Question

How do you solve the triangles when the sides of $a=125,b=200$ and $\angle A={{110}^{\circ }}$. Find the other sides and measurement of angles.

Answer 1

Hint: We first use the theorem for properties of triangles \[\dfrac{a}{\sin A}=\dfrac{b}{\sin B}=\dfrac{c}{\sin C}\]. We also use the relation of angles that sum of all the angles of a triangle is ${{180}^{\circ }}$. We put the values in the relation to get the remaining angles and the sides.

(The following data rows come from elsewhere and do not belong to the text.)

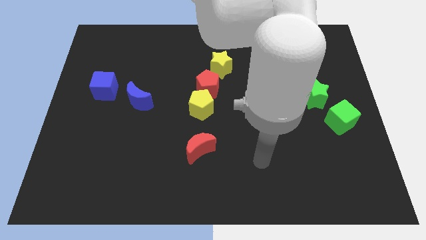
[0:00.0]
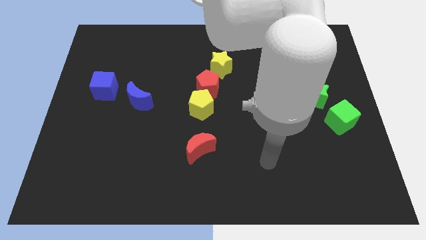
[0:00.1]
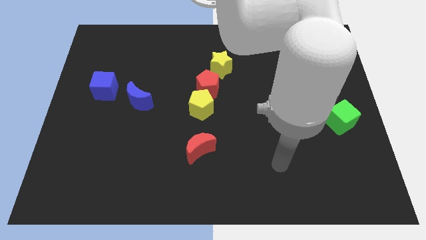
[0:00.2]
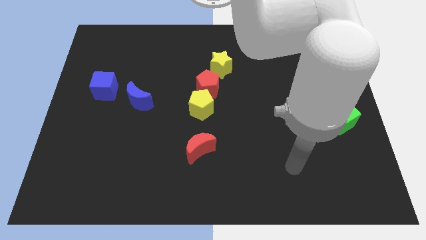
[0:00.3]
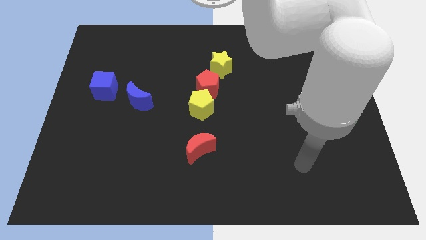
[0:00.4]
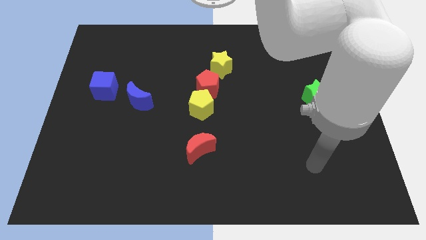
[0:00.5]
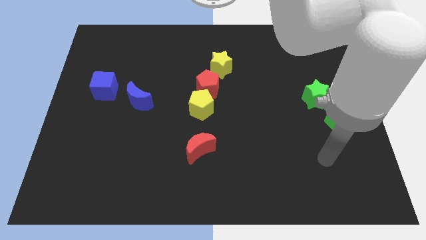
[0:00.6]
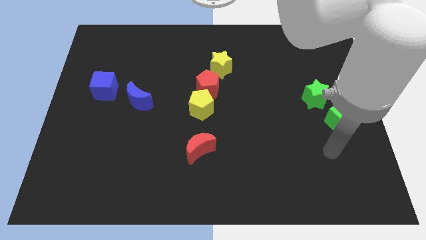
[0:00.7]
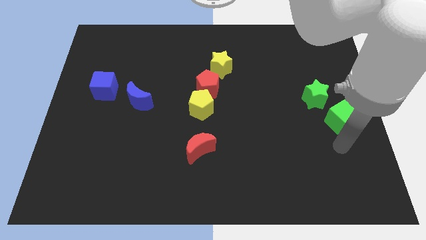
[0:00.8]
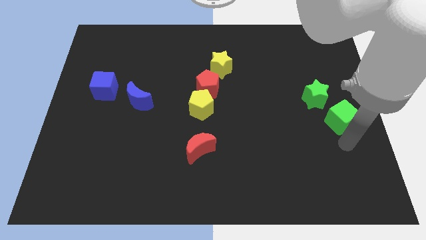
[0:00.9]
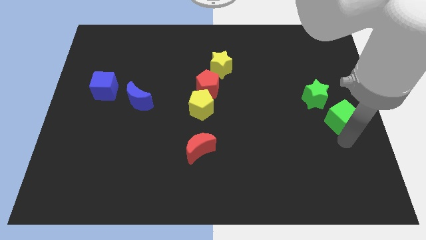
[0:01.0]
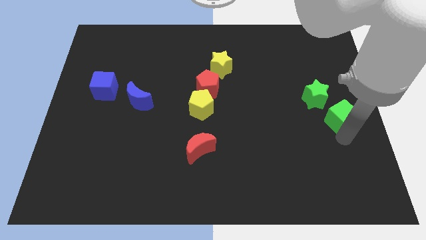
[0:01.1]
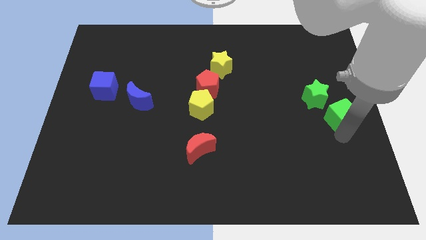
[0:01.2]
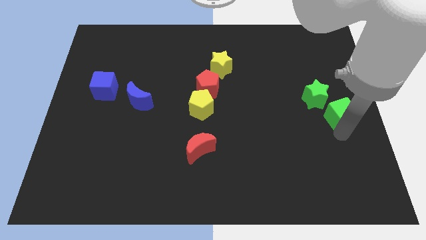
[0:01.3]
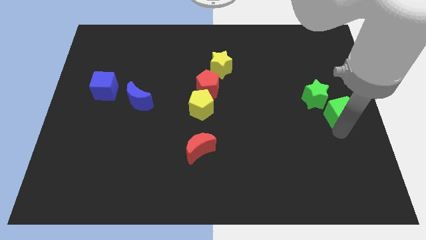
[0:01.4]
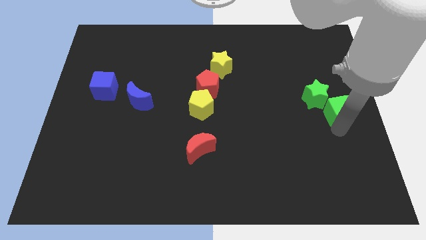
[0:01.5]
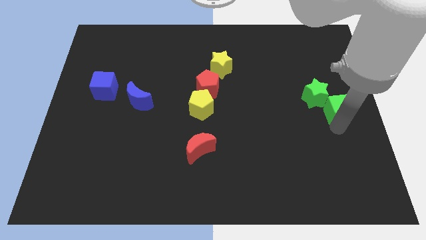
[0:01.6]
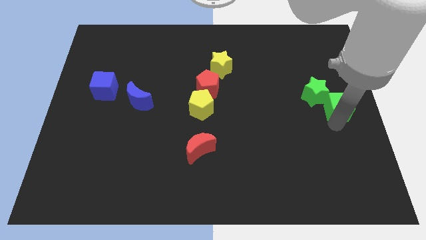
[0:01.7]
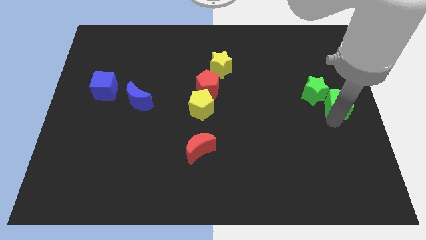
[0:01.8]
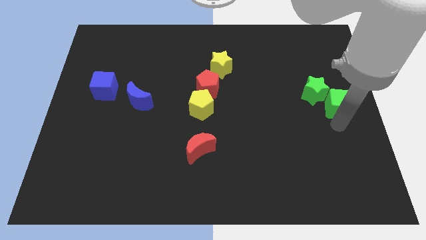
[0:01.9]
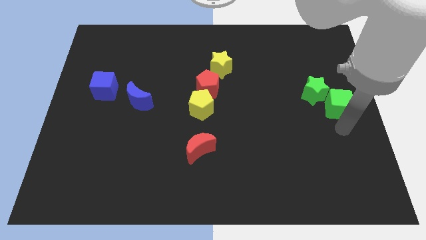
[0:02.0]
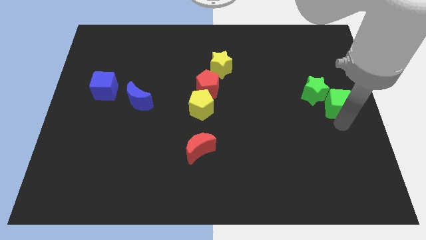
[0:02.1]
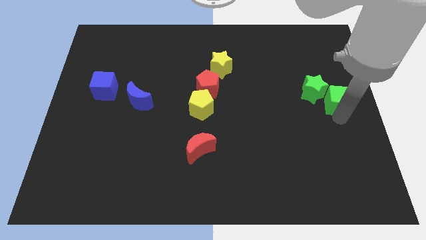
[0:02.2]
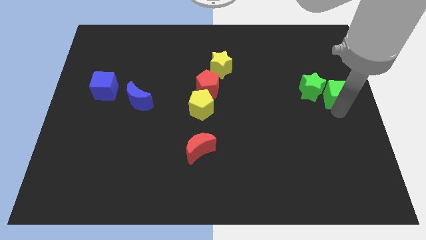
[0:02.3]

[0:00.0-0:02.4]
move the green cube up a little

Complete step by step solution:
We have been given the values of two sides’ length and measurement of one angle.
We are going to use the relation for properties of triangles between angles and sides of a general triangle.
The relation gives that for $\Delta ABC$, we have \[\dfrac{a}{\sin A}=\dfrac{b}{\sin B}=\dfrac{c}{\sin C}\] where $a,b,c$ are the lengths of the sides and $A,B,C$ are corresponding opposite angles of the sides $a,b,c$ respectively.
We have been given that $a=125,b=200$ and $\angle A={{110}^{\circ }}$.
We put these values in the equation \[\dfrac{a}{\sin A}=\dfrac{b}{\sin B}=\dfrac{c}{\sin C}\] to get \[\dfrac{125}{\sin \left( {{110}^{\circ }} \right)}=\dfrac{200}{\sin B}=\dfrac{c}{\sin C}\]
We get \[\sin \left( {{110}^{\circ }} \right)=0.9396\].
We get the first linear equation of \[\dfrac{125}{0.9396}=\dfrac{200}{\sin B}\].
Solving the equation, we get \[\sin B=\dfrac{200\times 0.9396}{125}=1.50336\].

We know that the highest value possible for ratio sin is 1. But in this case we get \[\sin B=1.50336\] which is not possible.
Therefore, this triangle doesn’t exist.

Note: The individual ratios in the relation \[\dfrac{a}{\sin A}=\dfrac{b}{\sin B}=\dfrac{c}{\sin C}\] is equal to the $2R$ where $R$ is the circum-radius of the triangle. So, the relation is \[\dfrac{a}{\sin A}=\dfrac{b}{\sin B}=\dfrac{c}{\sin C}=2R\]. If We know two sides and the angle between them, use the cosine rule and plug in the values for the remaining sides and the angles.